▶

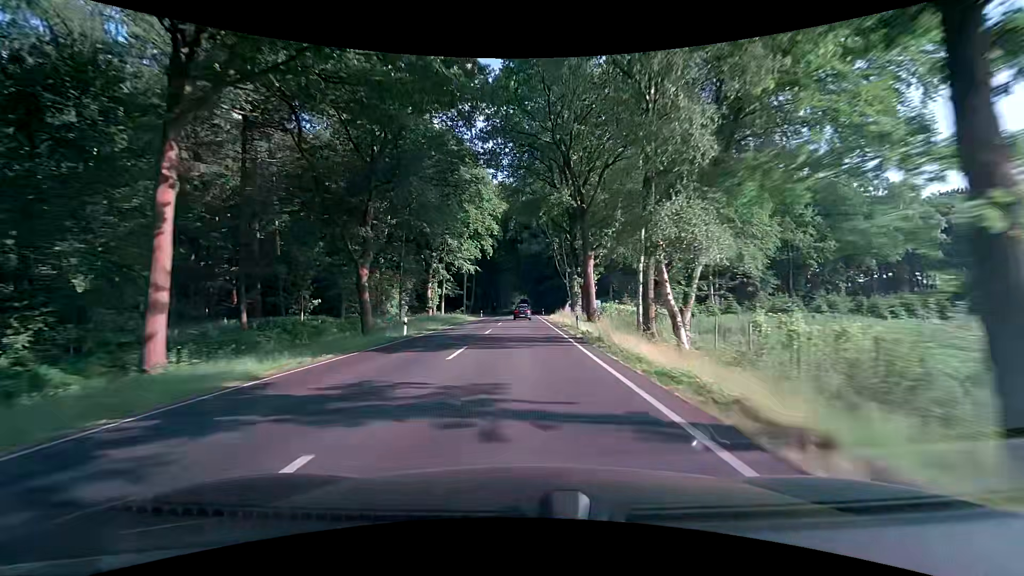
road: primary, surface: asphalt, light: Day
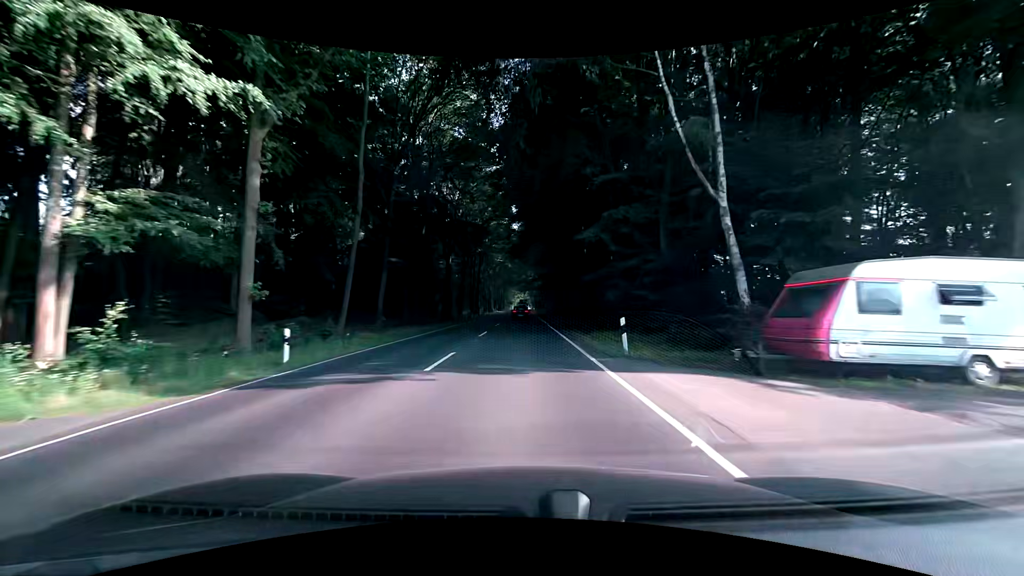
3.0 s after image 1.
(-0.3, +63.7) m; 0°
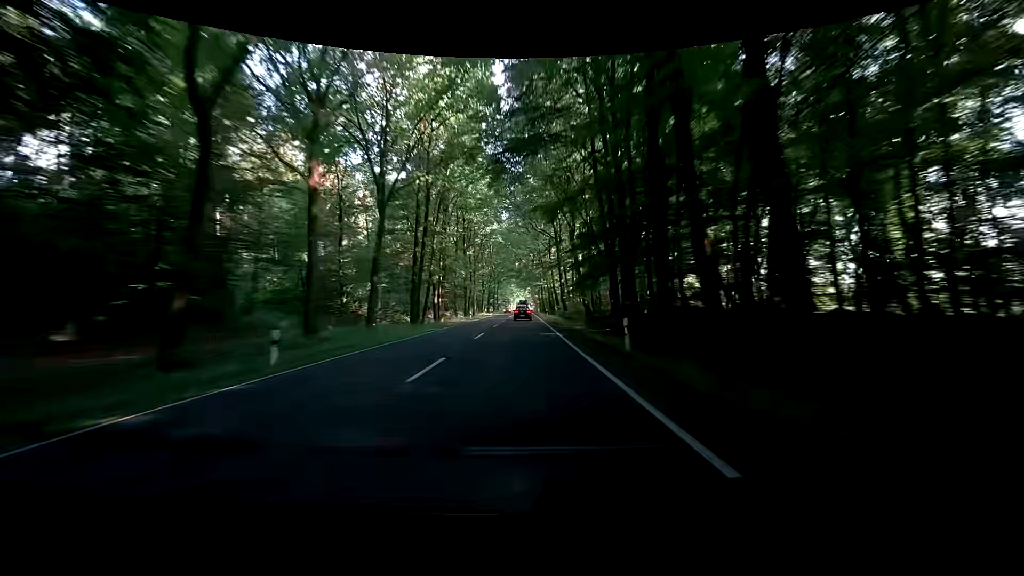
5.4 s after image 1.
(0.0, +50.9) m; +1°
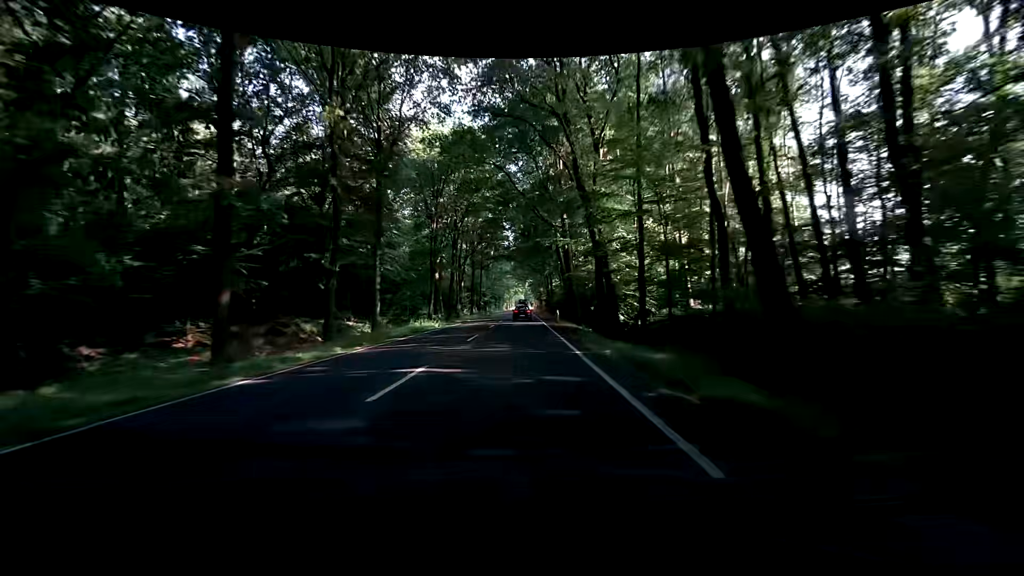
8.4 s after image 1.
(-1.0, +63.2) m; +1°
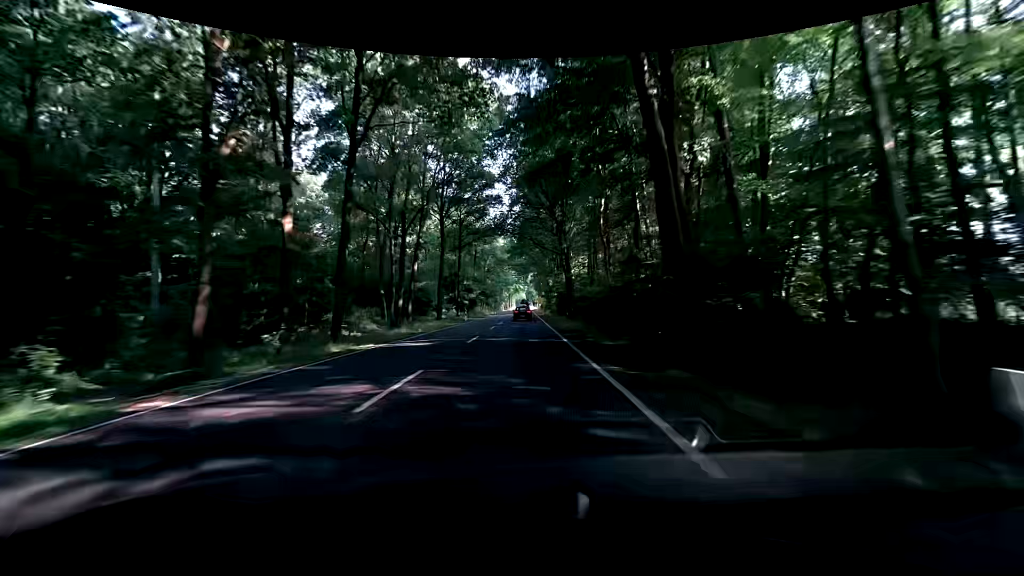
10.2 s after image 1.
(-1.2, +37.7) m; -4°
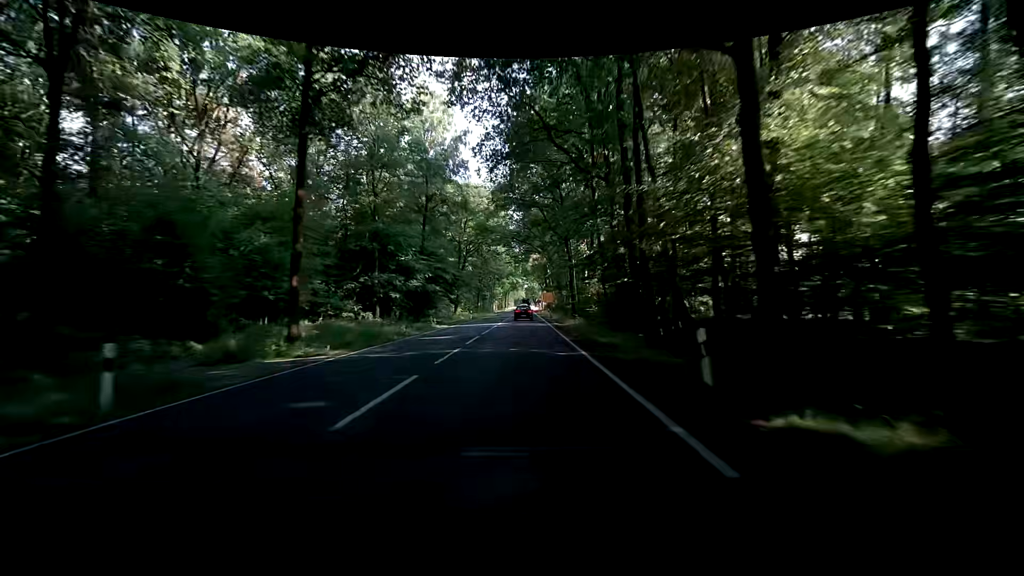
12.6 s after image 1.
(+1.5, +50.1) m; +3°
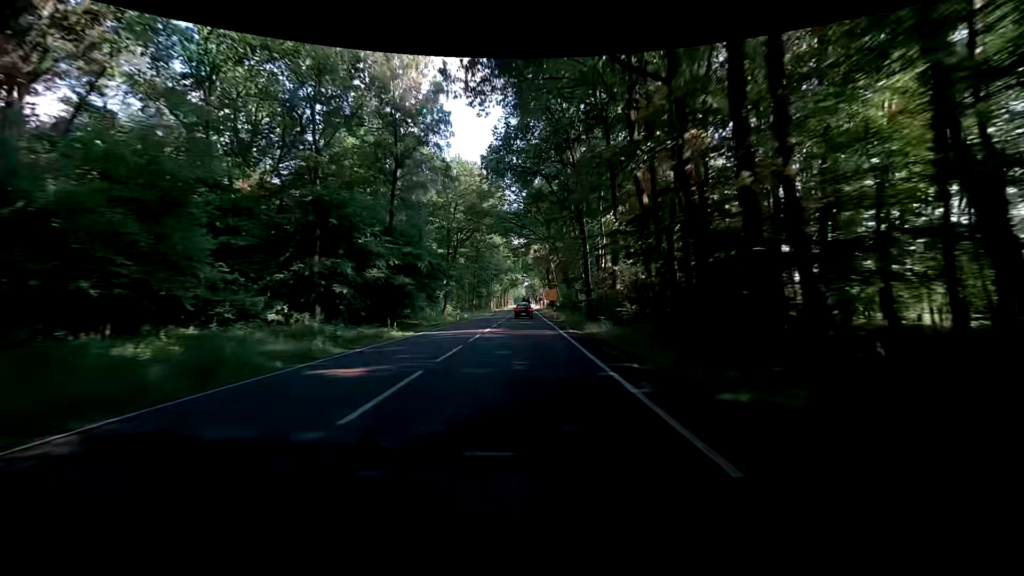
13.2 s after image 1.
(-0.1, +12.3) m; -1°
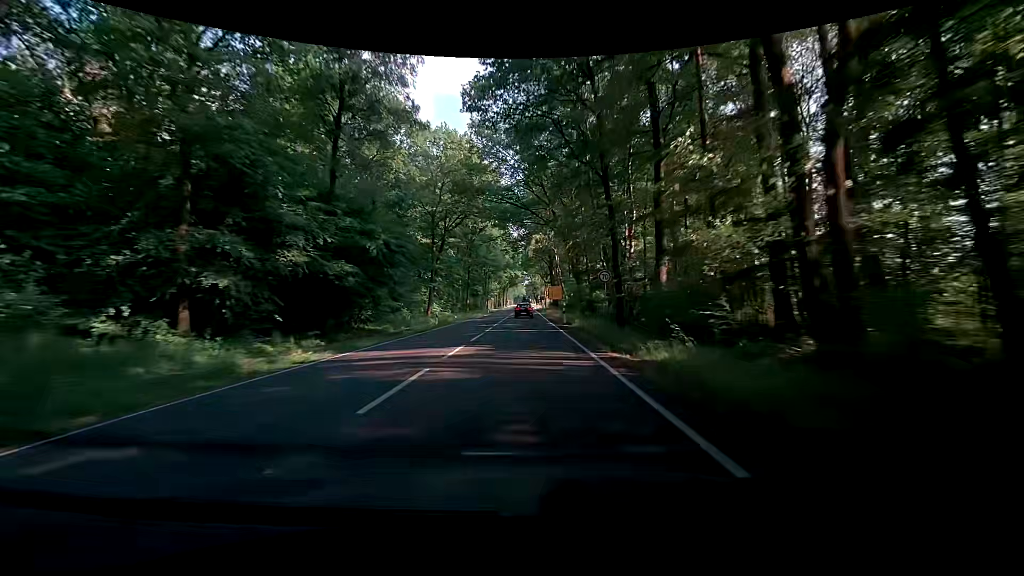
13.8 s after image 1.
(0.0, +11.9) m; 0°
(0, +10) (0, +20) (0, +30) (0, +40) (0, +50) (0, +60) (0, +70) (0, +80) (0, +90) (0, +100) m

◀

• [WHAT IS BEING ASKED]
Nothing but the lines from the one containing "12.6 s after image 1." through the last line of the material may appear in the answer, transcribed exactly and with no pictures.

• [FINISHED EXERCISE]
12.6 s after image 1.
(+1.5, +50.1) m; +3°
13.2 s after image 1.
(-0.1, +12.3) m; -1°
13.8 s after image 1.
(0.0, +11.9) m; 0°
(0, +10) (0, +20) (0, +30) (0, +40) (0, +50) (0, +60) (0, +70) (0, +80) (0, +90) (0, +100) m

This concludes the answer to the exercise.